Art. 3º - As atividades deverão ser orientadas por profissionais da área de Educação Física, os quais deverão trabalhar em consonância com os demais profissionais da área da saúde.

Art. 4º - Esta lei será regulamentada pelo Poder Executivo, no prazo de 90 dias.

Art. 5º - As despesas decorrentes desta lei correrão por conta de dotação orçamentária própria, suplementadas se necessário."

Dita lei é verticalmente incompatível com a Constituição do Estado de São Paulo, especialmente com os seus arts. 5.º, 47, II e XIV, e 144, os quais dispõem o seguinte:

“Art. 5.º - São Poderes do Estado, independentes e harmônicos entre si, o Legislativo, o Executivo e o Judiciário.

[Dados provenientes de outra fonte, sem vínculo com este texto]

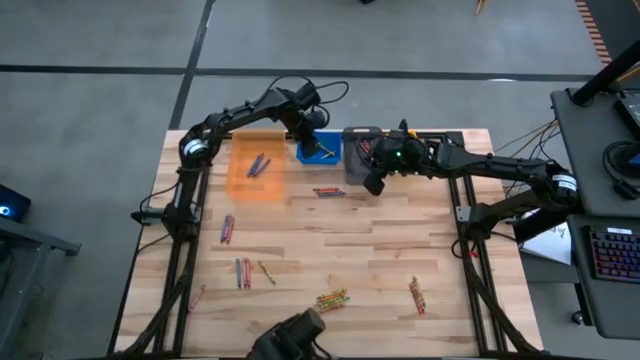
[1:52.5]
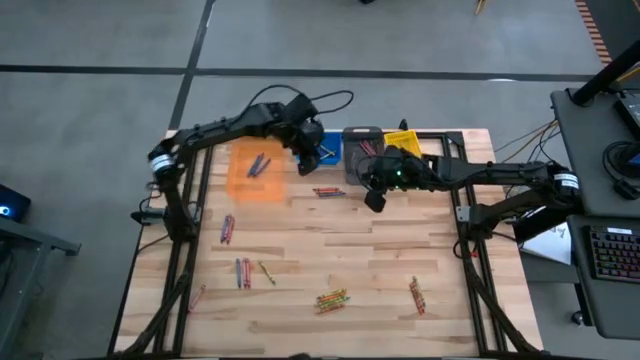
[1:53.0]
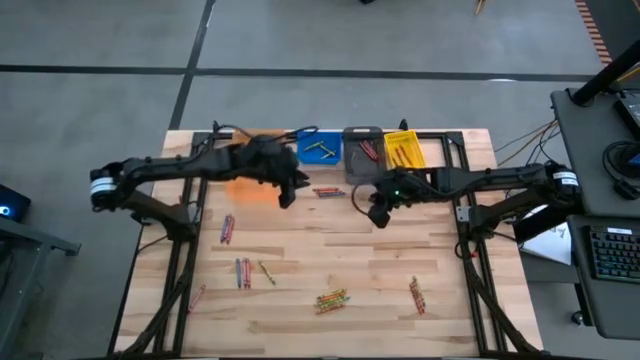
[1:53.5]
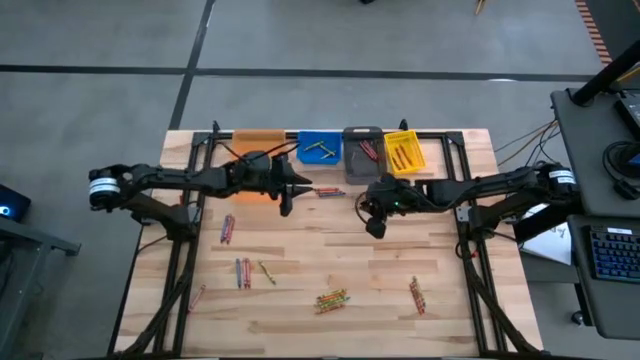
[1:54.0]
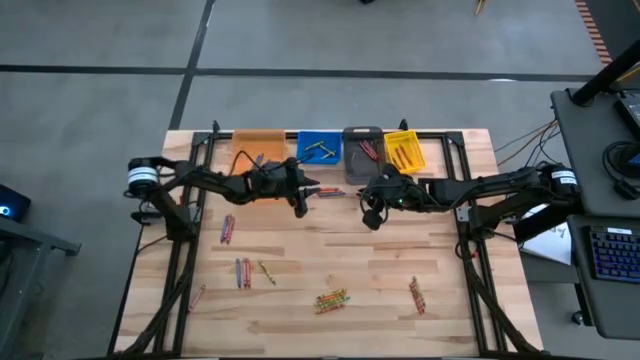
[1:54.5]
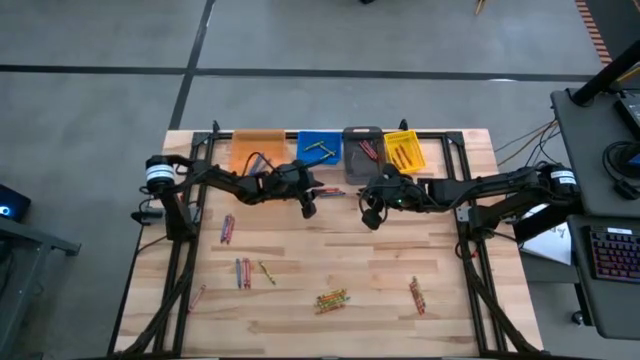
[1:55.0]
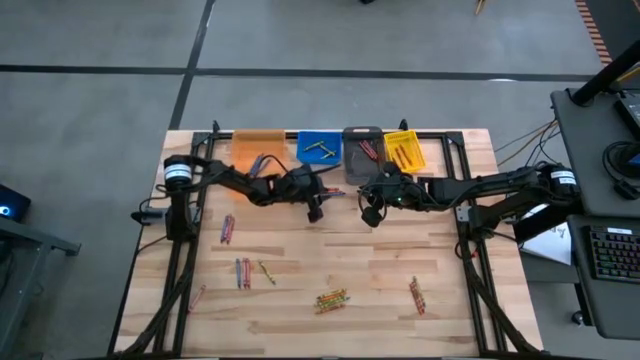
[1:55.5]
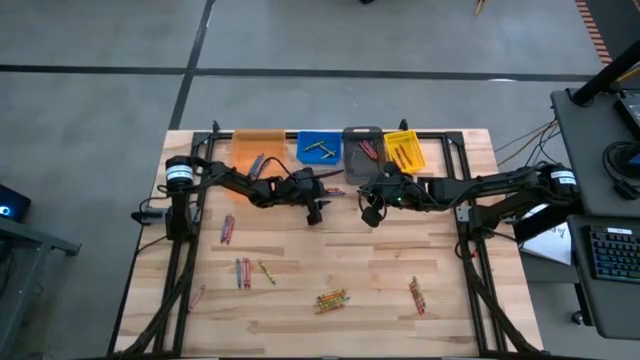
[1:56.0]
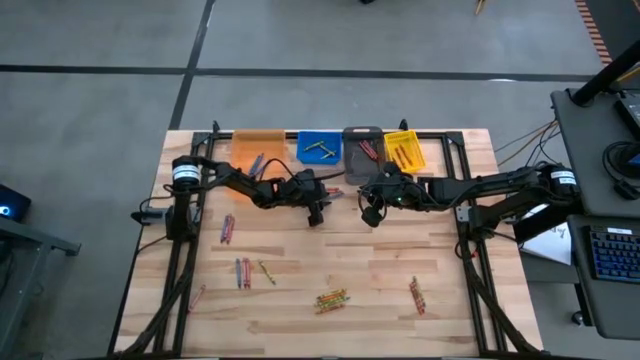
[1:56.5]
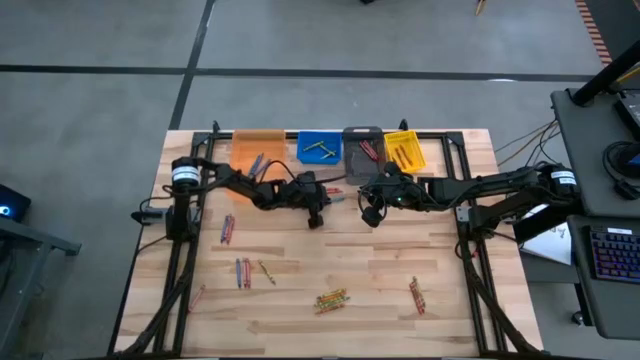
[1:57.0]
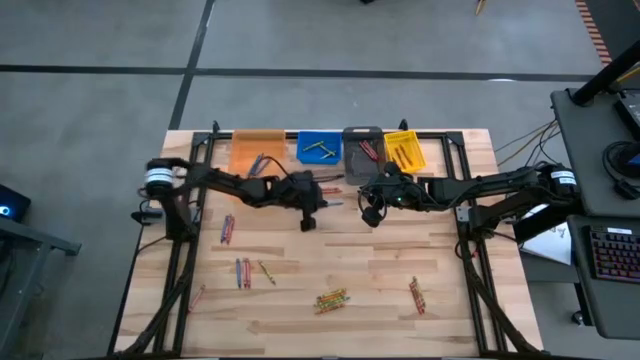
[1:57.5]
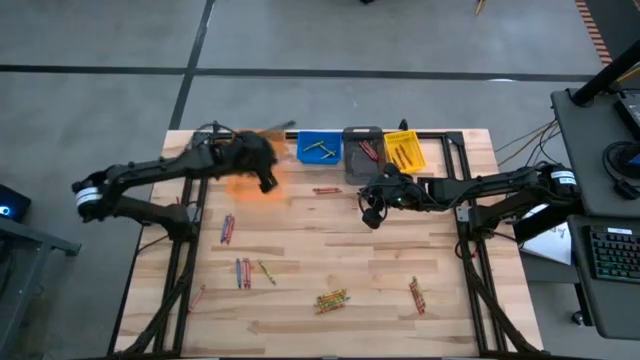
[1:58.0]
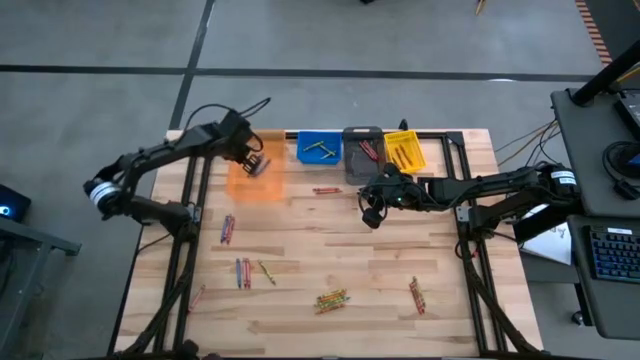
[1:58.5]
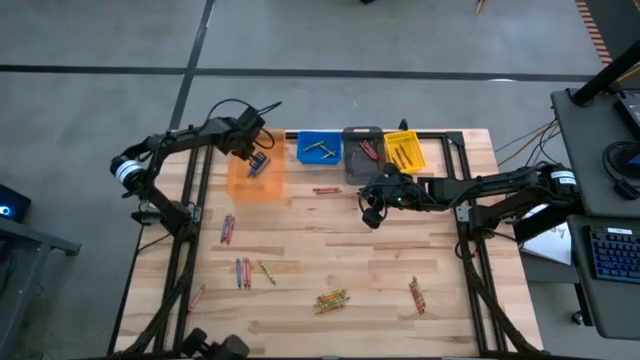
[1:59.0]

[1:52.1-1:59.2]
Task: Sort crayons
Put the blue crayon into the orange bin

Art. 47 – Compete privativamente ao Governador, além de outras atribuições previstas nesta Constituição:

II – exercer, com o auxílio dos Secretários de Estado, a direção superior da administração estadual;

XIV – praticar os demais atos de administração, nos limites da competência do Executivo;

Art. 144 – Os Municípios, com autonomia, política, legislativa, administrativa e financeira se auto-organizarão por lei orgânica, atendidos os princípios estabelecidos na Constituição Federal e nesta Constituição.”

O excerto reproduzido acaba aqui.